Without the images, set down each entry exactly.

=-=-=-=-=

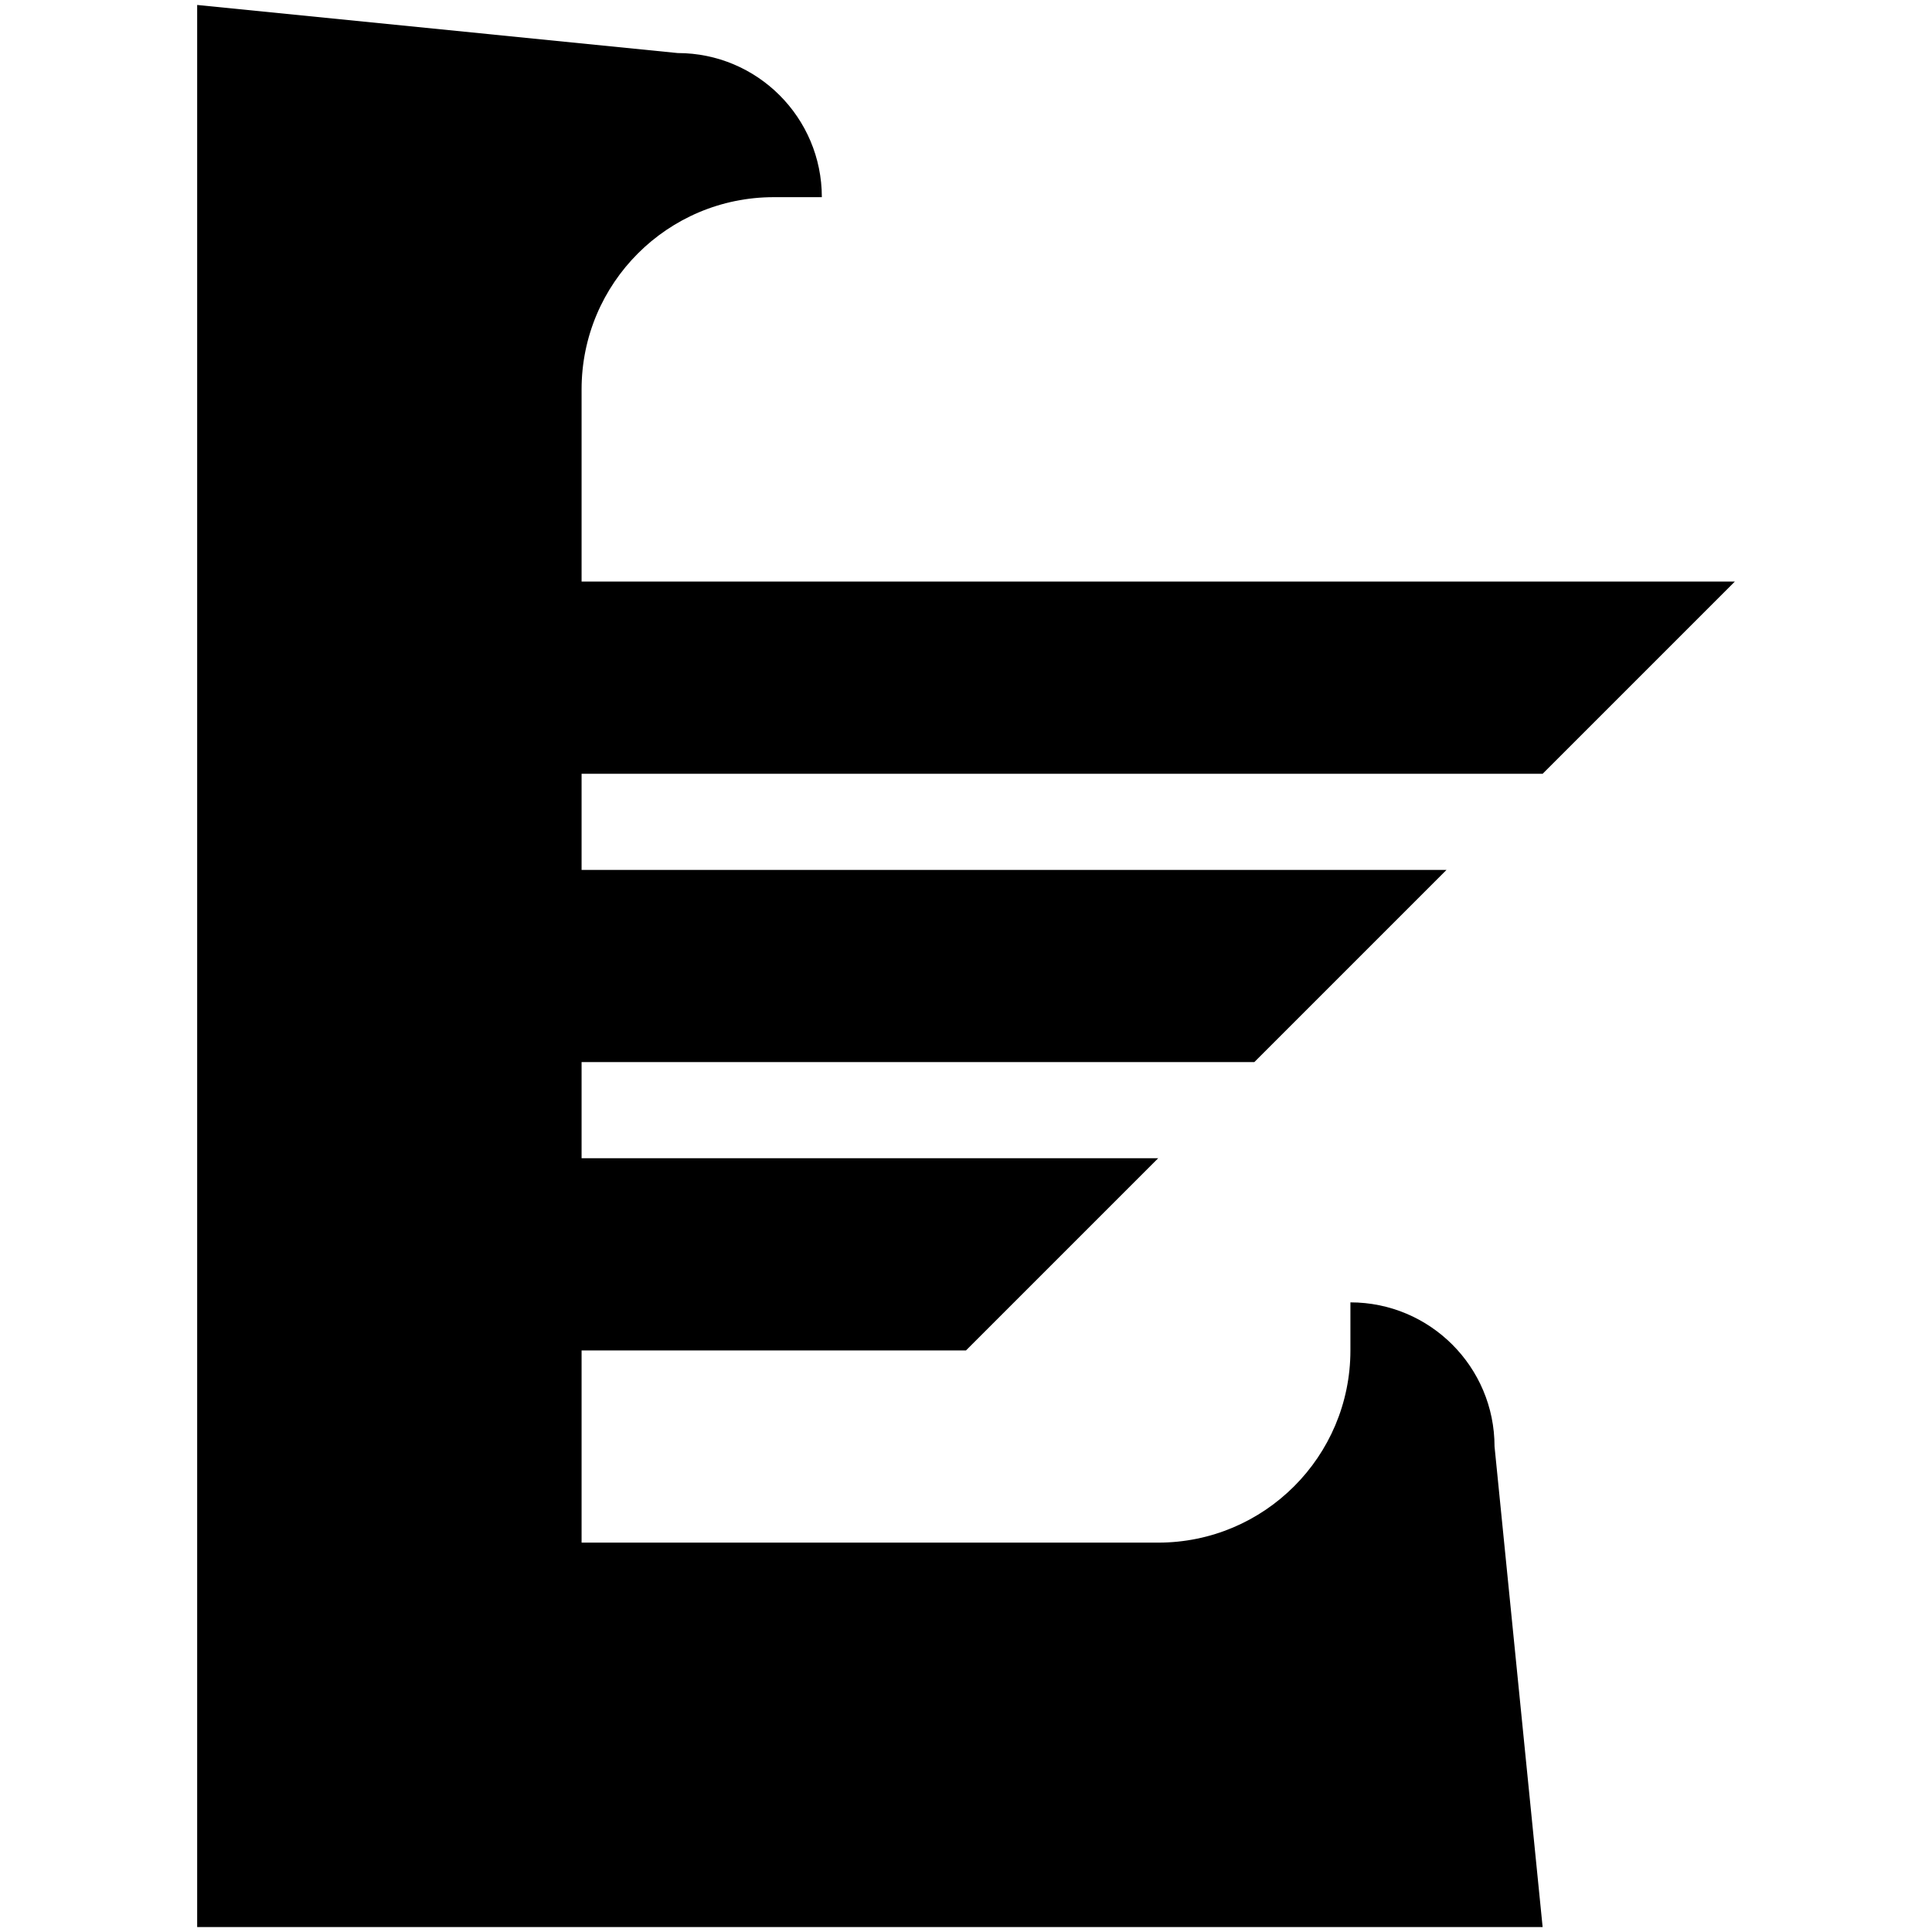 <?xml version="1.0" encoding="utf-8"?>
<!-- Generator: Adobe Illustrator 17.0.0, SVG Export Plug-In . SVG Version: 6.00 Build 0)  -->
<!DOCTYPE svg PUBLIC "-//W3C//DTD SVG 1.1//EN" "http://www.w3.org/Graphics/SVG/1.1/DTD/svg11.dtd">
<svg version="1.1" id="Layer_1" xmlns="http://www.w3.org/2000/svg" xmlns:xlink="http://www.w3.org/1999/xlink" x="0px" y="0px"
	 width="2000px" height="2000px" viewBox="0 0 2000 2000" enable-background="new 0 0 2000 2000" xml:space="preserve">
<path d="M1397.908,1348.203l0.038,0v49.743c-0.016,109.889-89.098,198.971-198.973,198.973H602.054v-198.973H1000l198.973-198.973
	H602.054v-99.486h696.406l198.973-198.973H602.054v-99.487h994.865l198.973-198.973H602.054V403.081
	c0.002-109.875,89.084-198.957,198.973-198.973h49.743l0,0.038c0-82.417-66.813-149.23-149.23-149.23L204.108,5.135v1989.731
	h1392.811l-49.782-497.432C1547.138,1415.016,1480.325,1348.203,1397.908,1348.203"/>
</svg>
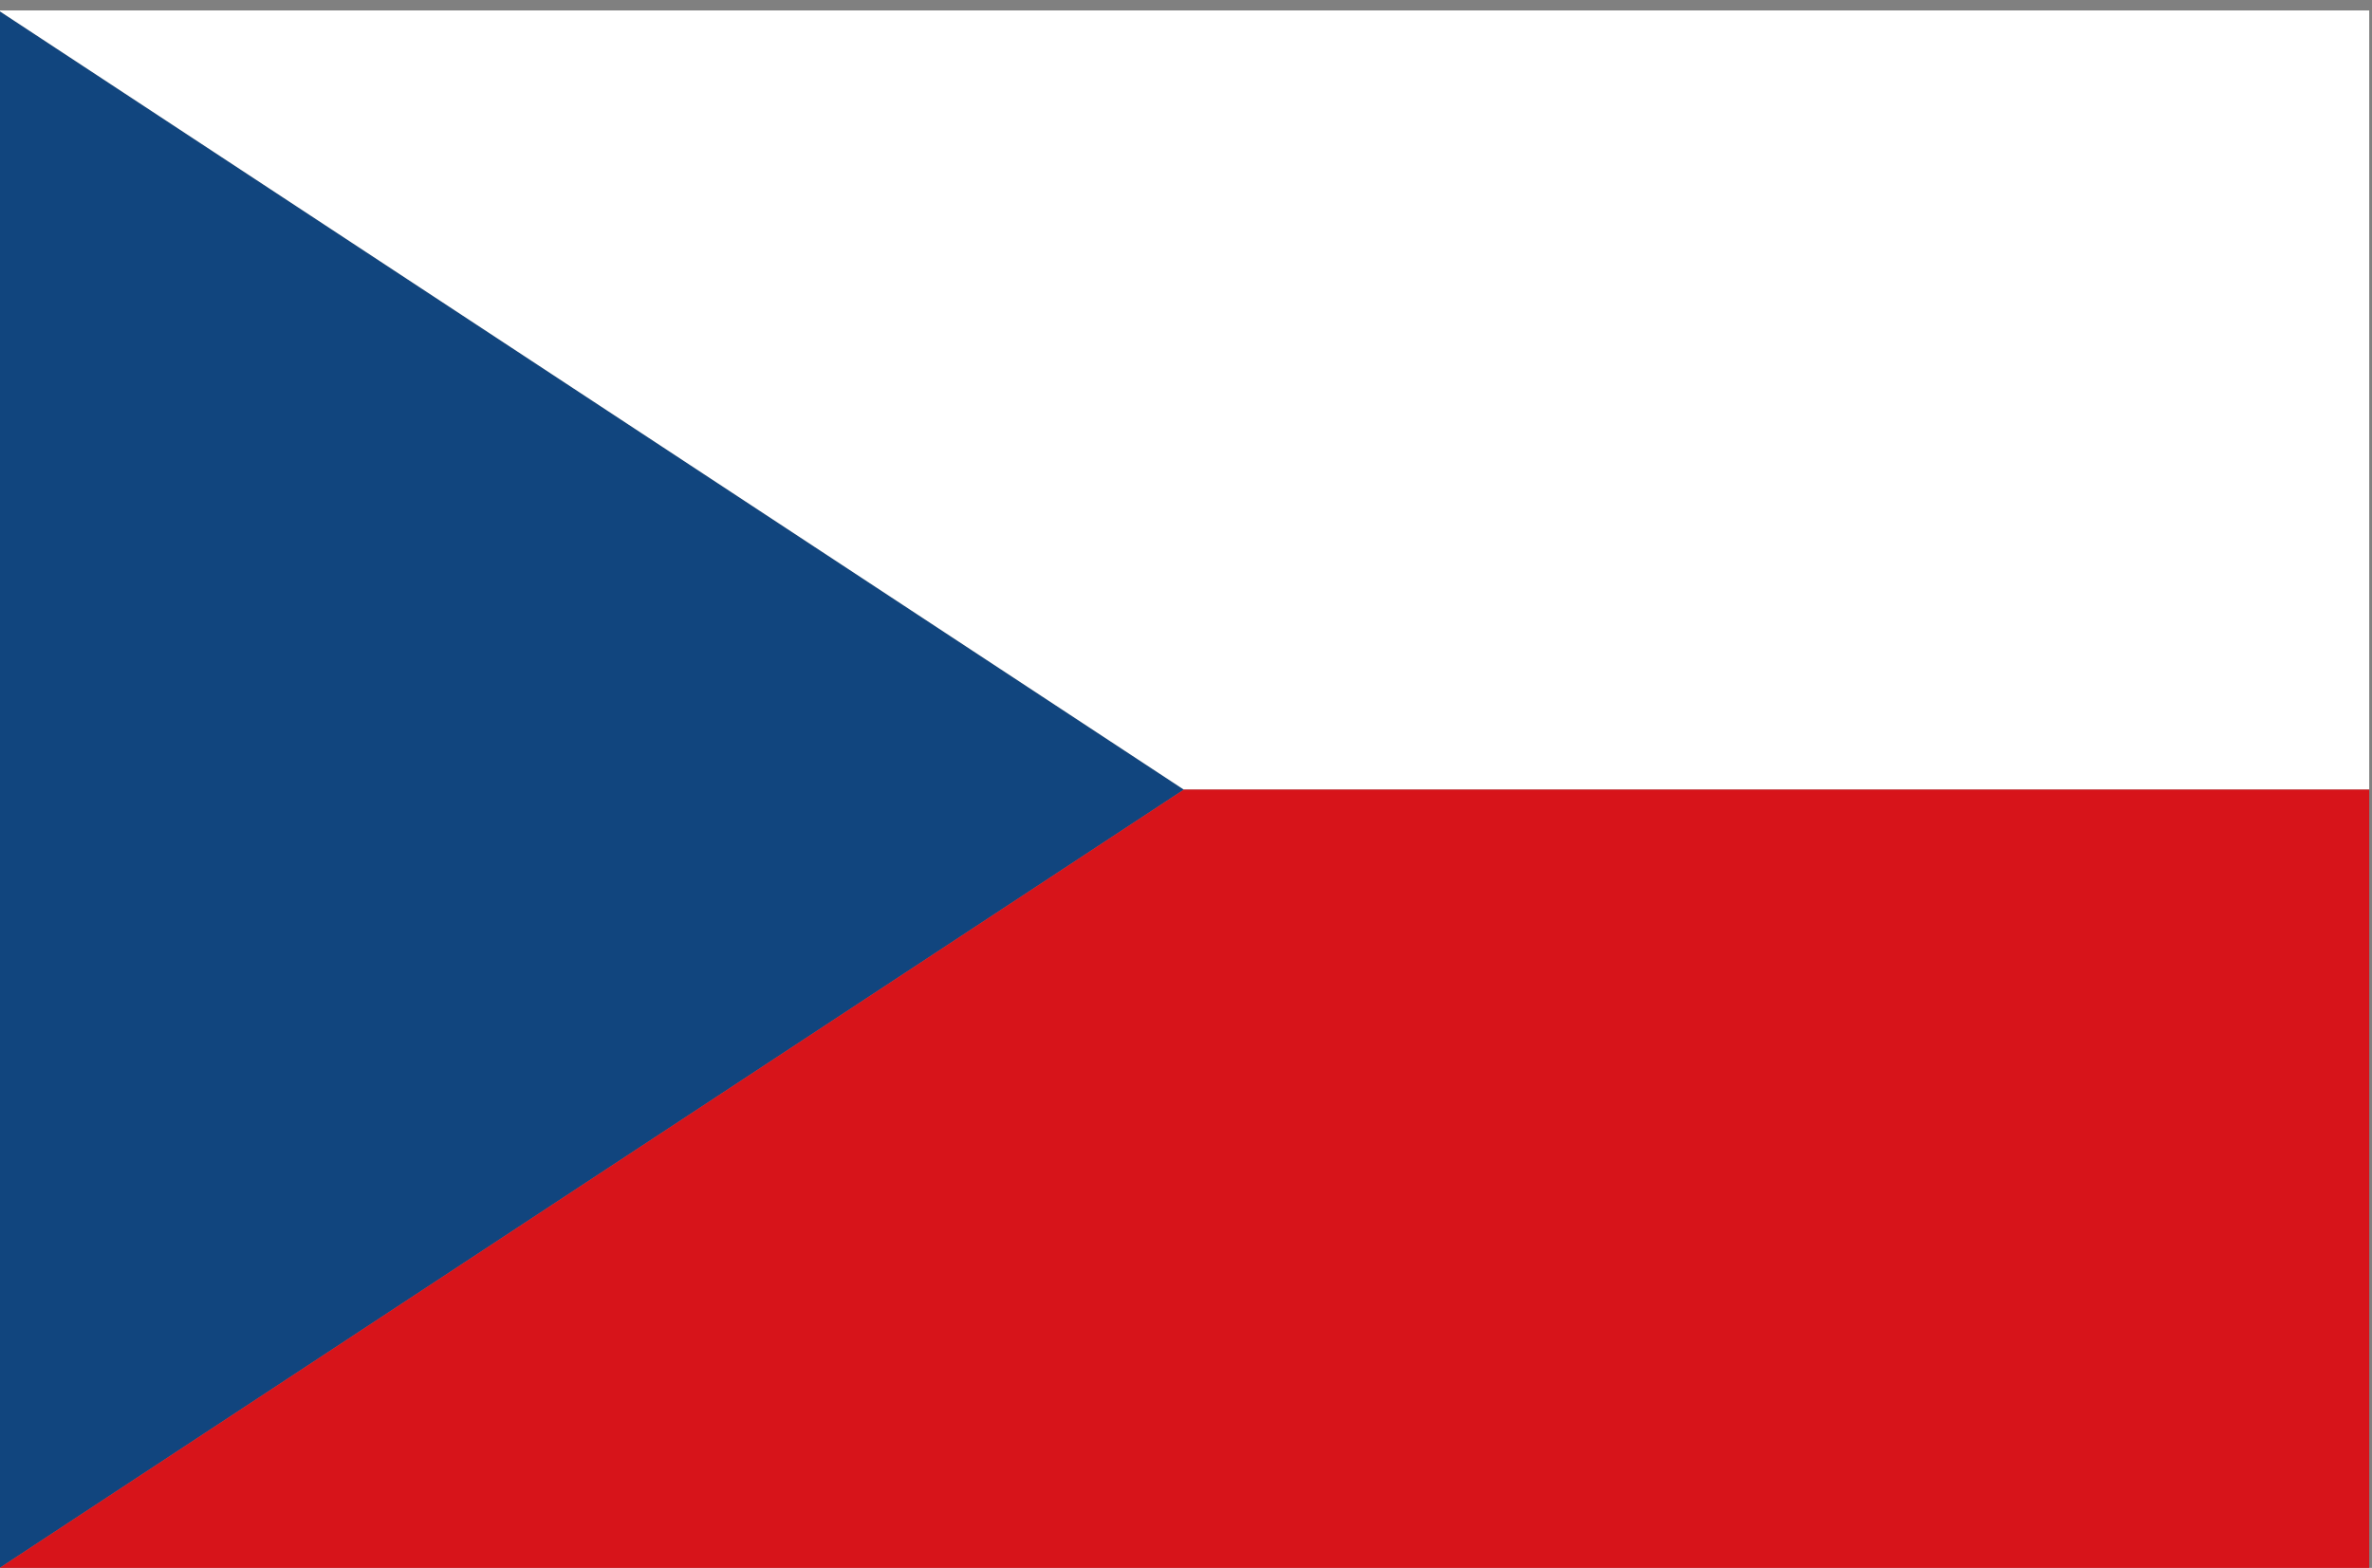 <?xml version="1.0" encoding="utf-8"?>
<!-- Generator: Adobe Illustrator 28.0.0, SVG Export Plug-In . SVG Version: 6.00 Build 0)  -->
<svg version="1.1" id="Calque_1" xmlns="http://www.w3.org/2000/svg" xmlns:xlink="http://www.w3.org/1999/xlink" x="0px" y="0px"
	 viewBox="0 0 205.01 135.54" style="enable-background:new 0 0 205.01 135.54;" xml:space="preserve">
<rect x="0" y="0" width="205.01" height="135.54" fill="#808080" stroke="none"/>
<style type="text/css">
	.st0{fill:#11457E;}
	.st1{fill:#FFFFFF;}
	.st2{fill:#D7141A;}
</style>
<g>
	<polygon class="st0" points="-0.13,0.9 102.32,68.26 -0.13,135.61 	"/>
	<polygon class="st1" points="-0.13,0.9 102.32,68.26 204.77,68.26 204.77,0.9 	"/>
	<polygon class="st2" points="204.77,68.26 102.32,68.26 -0.13,135.61 204.77,135.61 	"/>
</g>
</svg>

=-=-=-=-=

▸ ANSWER BELOW
 <?xml version="1.0" encoding="utf-8"?>
<!-- Generator: Adobe Illustrator 17.0.0, SVG Export Plug-In . SVG Version: 6.00 Build 0)  -->
<!DOCTYPE svg PUBLIC "-//W3C//DTD SVG 1.1//EN" "http://www.w3.org/Graphics/SVG/1.1/DTD/svg11.dtd">
<svg version="1.1" id="Layer_1" xmlns="http://www.w3.org/2000/svg" xmlns:xlink="http://www.w3.org/1999/xlink" x="0px" y="0px"
	 width="2000px" height="2000px" viewBox="0 0 2000 2000" enable-background="new 0 0 2000 2000" xml:space="preserve">
<path d="M1397.908,1348.203l0.038,0v49.743c-0.016,109.889-89.098,198.971-198.973,198.973H602.054v-198.973H1000l198.973-198.973
	H602.054v-99.486h696.406l198.973-198.973H602.054v-99.487h994.865l198.973-198.973H602.054V403.081
	c0.002-109.875,89.084-198.957,198.973-198.973h49.743l0,0.038c0-82.417-66.813-149.23-149.23-149.23L204.108,5.135v1989.731
	h1392.811l-49.782-497.432C1547.138,1415.016,1480.325,1348.203,1397.908,1348.203"/>
</svg>
 <?xml version="1.0" encoding="utf-8"?>
<!-- Generator: Adobe Illustrator 28.0.0, SVG Export Plug-In . SVG Version: 6.00 Build 0)  -->
<svg version="1.1" id="Calque_1" xmlns="http://www.w3.org/2000/svg" xmlns:xlink="http://www.w3.org/1999/xlink" x="0px" y="0px"
	 viewBox="0 0 205.01 135.54" style="enable-background:new 0 0 205.01 135.54;" xml:space="preserve">
<rect x="0" y="0" width="205.01" height="135.54" fill="#808080" stroke="none"/>
<style type="text/css">
	.st0{fill:#11457E;}
	.st1{fill:#FFFFFF;}
	.st2{fill:#D7141A;}
</style>
<g>
	<polygon class="st0" points="-0.13,0.9 102.32,68.26 -0.13,135.61 	"/>
	<polygon class="st1" points="-0.13,0.9 102.32,68.26 204.77,68.26 204.77,0.9 	"/>
	<polygon class="st2" points="204.77,68.26 102.32,68.26 -0.13,135.61 204.77,135.61 	"/>
</g>
</svg>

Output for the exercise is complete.